Tyler noted that fire and city officials in Los Angeles had experienced a lot of finger-pointing and questions about why the fires turned into conflagrations.

“ From a fire standpoint, could they  have been better prepared? That’s a very difficult question,”

he said. “It was an unusual event. With the conditions they had, the fuels that were super dry, the winds, you know, I don’t know how you prepare for that.

“Just the scale of it, I don’t know how you make the right decision on the front end of things because you’re dealing with so many variables. Where do you move your resources to?

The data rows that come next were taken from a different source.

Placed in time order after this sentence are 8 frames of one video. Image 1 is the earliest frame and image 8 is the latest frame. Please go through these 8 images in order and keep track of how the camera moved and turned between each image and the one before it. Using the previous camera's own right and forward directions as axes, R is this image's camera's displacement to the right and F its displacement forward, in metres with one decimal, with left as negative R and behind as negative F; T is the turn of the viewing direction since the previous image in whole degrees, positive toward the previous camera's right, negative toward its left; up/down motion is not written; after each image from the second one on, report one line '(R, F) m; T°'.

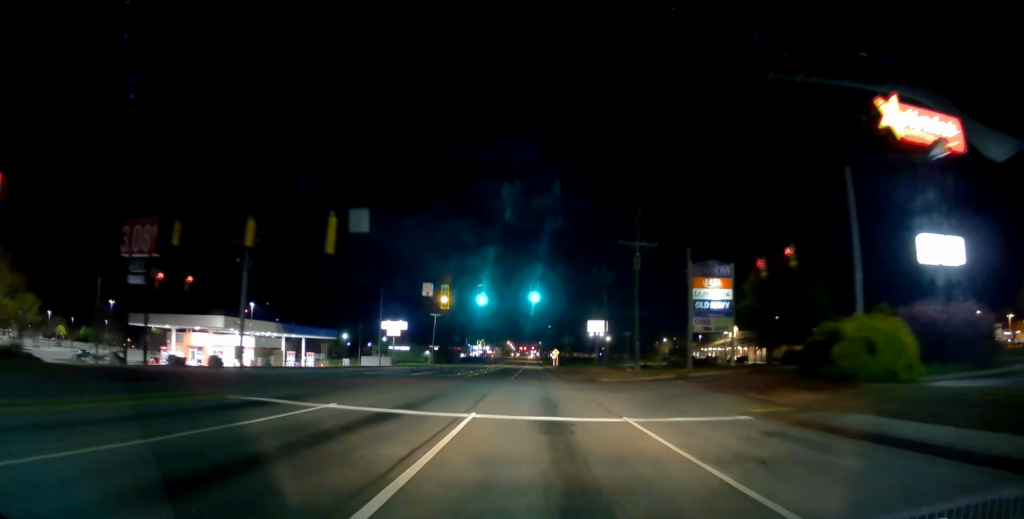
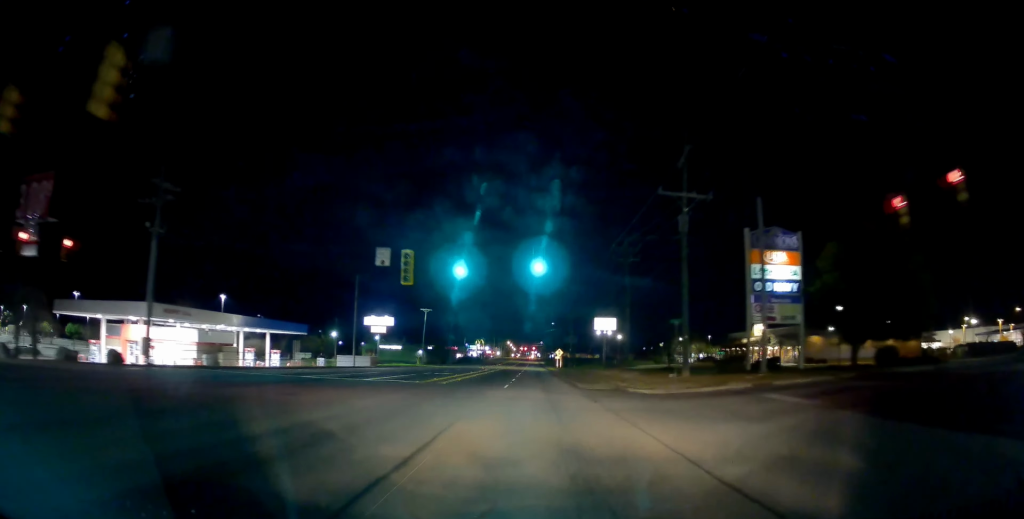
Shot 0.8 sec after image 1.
(+0.2, +13.9) m; +2°
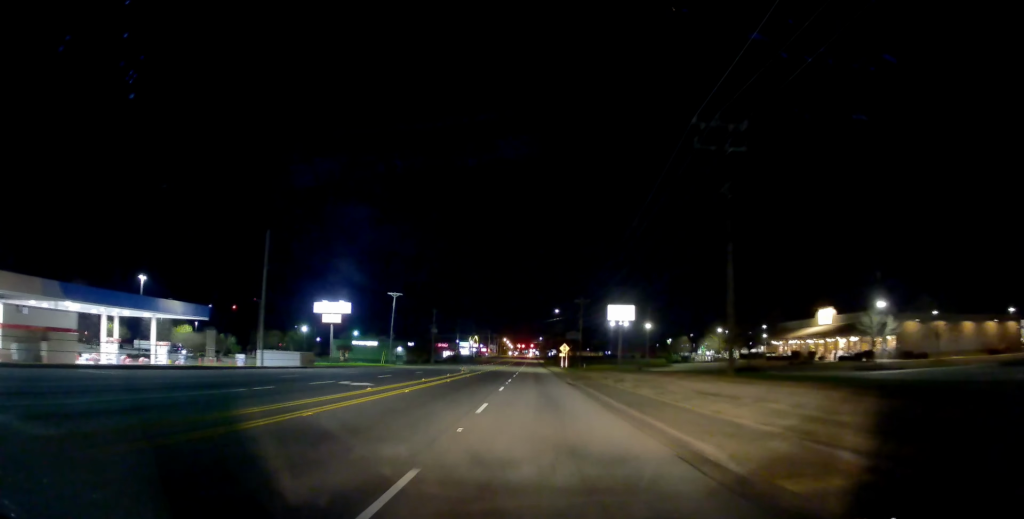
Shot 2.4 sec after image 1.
(0.0, +27.1) m; -1°
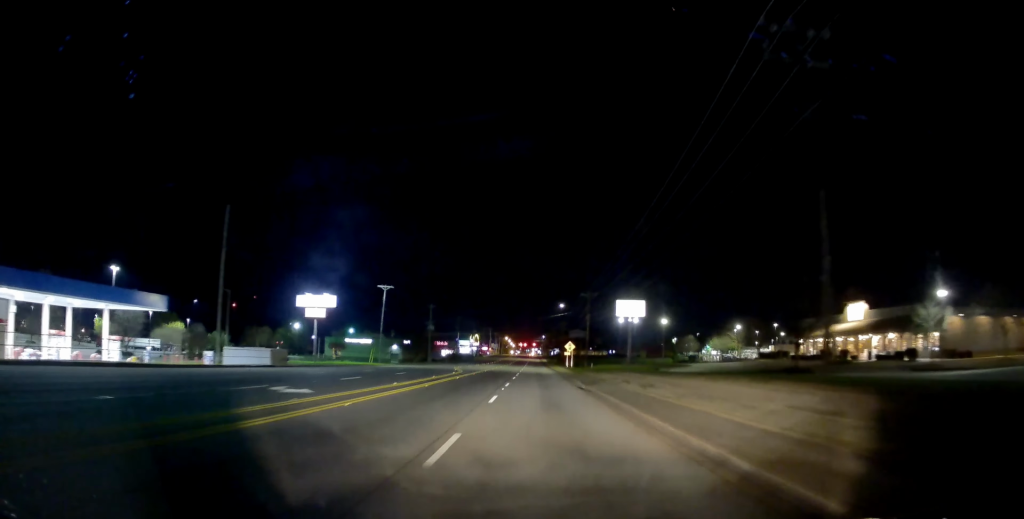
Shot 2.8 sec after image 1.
(-0.1, +8.1) m; -1°
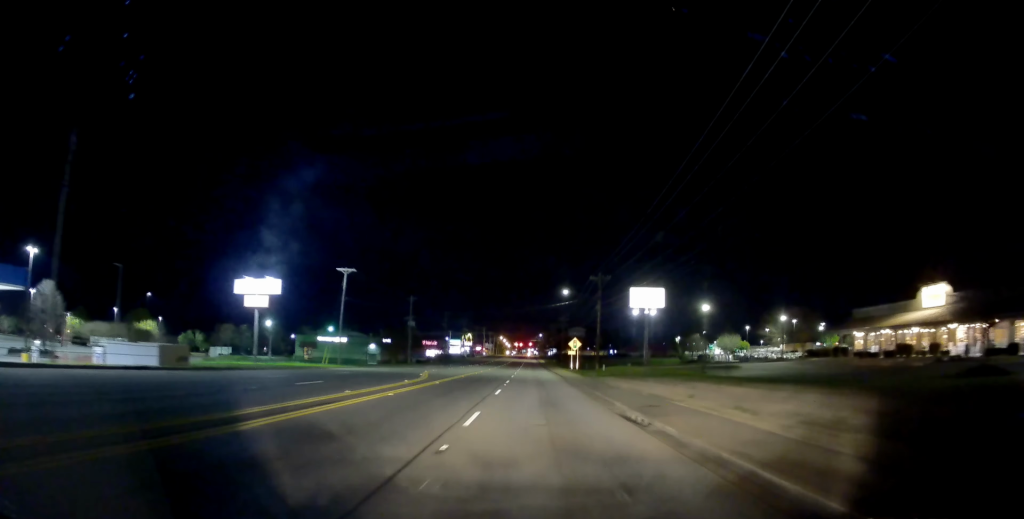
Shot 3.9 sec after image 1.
(0.0, +17.8) m; 0°
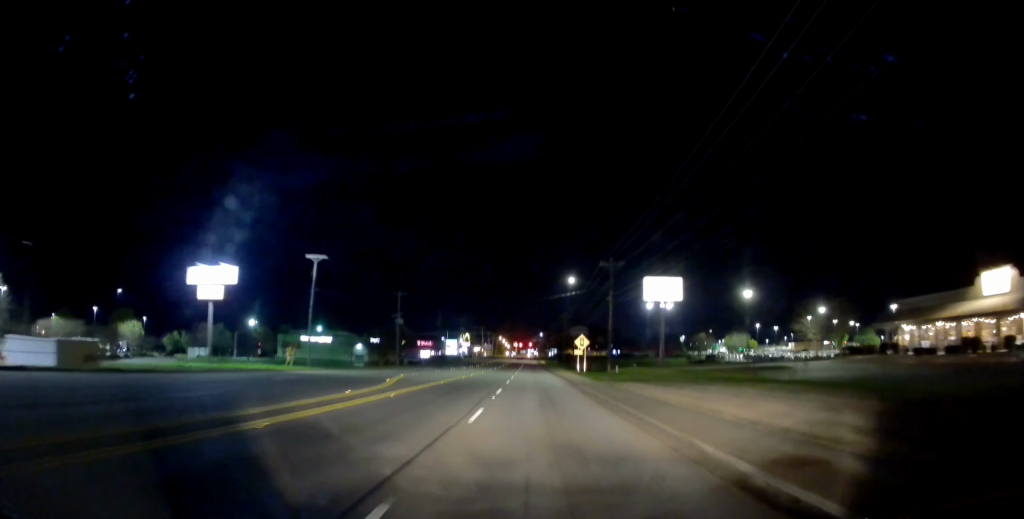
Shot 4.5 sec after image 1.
(0.0, +10.4) m; 0°
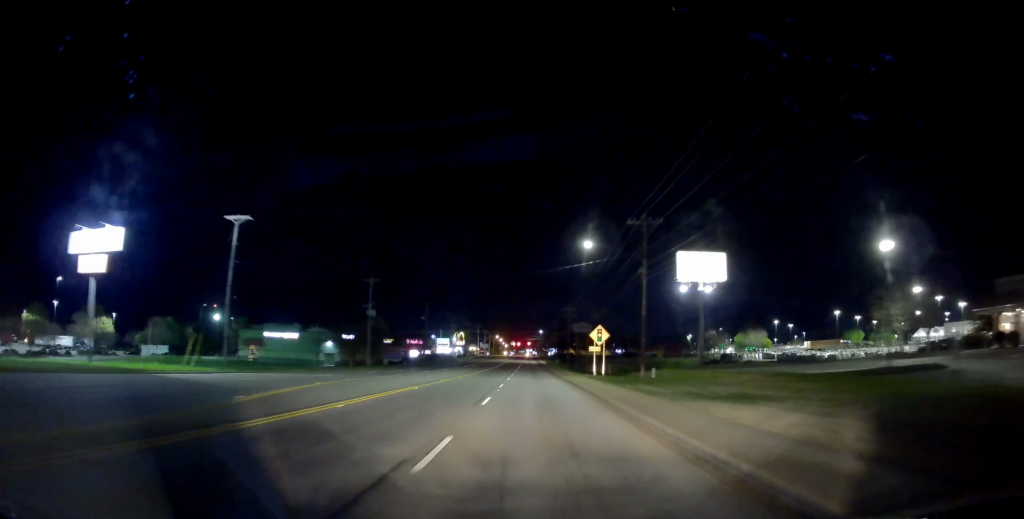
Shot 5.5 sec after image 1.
(0.0, +17.8) m; 0°
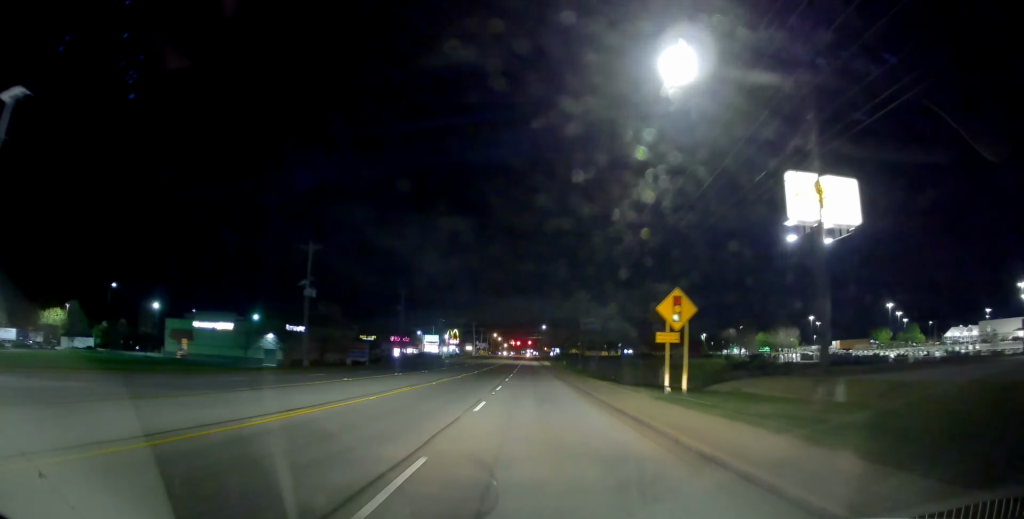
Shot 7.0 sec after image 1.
(0.0, +25.2) m; 0°

“I don’t know the ins and outs of what happened down there, but applying that here, it would be very, very difficult. There are a million scenarios and you pick one, put all your eggs in that basket – very difficult.”

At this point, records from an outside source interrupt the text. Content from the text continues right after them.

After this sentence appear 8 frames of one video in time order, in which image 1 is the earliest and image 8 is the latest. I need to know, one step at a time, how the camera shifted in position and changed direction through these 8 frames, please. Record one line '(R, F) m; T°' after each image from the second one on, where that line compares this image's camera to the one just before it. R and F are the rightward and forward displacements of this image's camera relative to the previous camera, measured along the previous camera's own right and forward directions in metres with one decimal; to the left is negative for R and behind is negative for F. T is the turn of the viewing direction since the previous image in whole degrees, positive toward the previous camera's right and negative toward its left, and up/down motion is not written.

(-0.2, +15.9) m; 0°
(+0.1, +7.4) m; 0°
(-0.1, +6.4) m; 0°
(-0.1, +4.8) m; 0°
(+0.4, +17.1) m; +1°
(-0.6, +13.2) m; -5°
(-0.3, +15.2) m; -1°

He likened it to the two large wind-driven fires in September of 2020 that threatened Linn County.

“You had both fires burning at the same time, one that started before the other. So you start moving a bunch of state resources to that and the next one requires attention.”

 

Chances to Learn

Tyler said a big plus for Oregon firefighters helping California, as they did in this case, is the chance to watch CalFire operate.

“They are extremely proficient because this is what they do,” he said, adding that Oregon firefighters use sprinkler kits on homes when fighting wildfires and “it takes us several minutes to deploy one of those.” Sprinkler kits are temporary or portable fire sprinkler systems composed of components such as sprinkler heads and pipes or hoses used when a fixed sprinkler system is not available, for protection of structures during wildfires.

“We were down there at the Thomas Fire and an engine pulled up and before they hit their air brakes, the sprinkler kit was half deployed. This is what they do, their bread and butter. And so for our guys to go down there and just see that and understand, it’s kind of like an amateur sportsperson watching professional sports, realizing, ‘Oh, that’s possible.’

“Our guys don’t do that all the time, but being able to see the professionals do that at the speed they do it, that helps our firefighters if we ever have an event or something like that.

He said that Oregon and California have a longstanding history of helping each other with firefighting.

 

Sacrifice, But Not from Taxpayers

“It’s not unusual for us to go to California,”  Tyler said.

The state of California pays, as Oregon does, for the costs involved in bringing in out-of-state firefighters and, for Sweet Home, funding backups at home while staff personnel are in California.

“That’s important because while we go down and it’s in my heart to help our neighbors, I don’t believe Sweet Home taxpayers necessarily should front that money, and so it’s 100% reimbursed and it costs our taxpayers nothing,” he said.

Tyler said the trip required commitment, not just on the firefighters’ part, but for their families.

“It’s important that we have people that are willing to work behind (the staff who went to SoCal) and put in extra hours here. We can’t do that on top of the families of everybody – not just the families of people sending firefighters to that area but the families of people working behind us here, right?

“It really takes dedicated staff and family to make all this stuff happen.”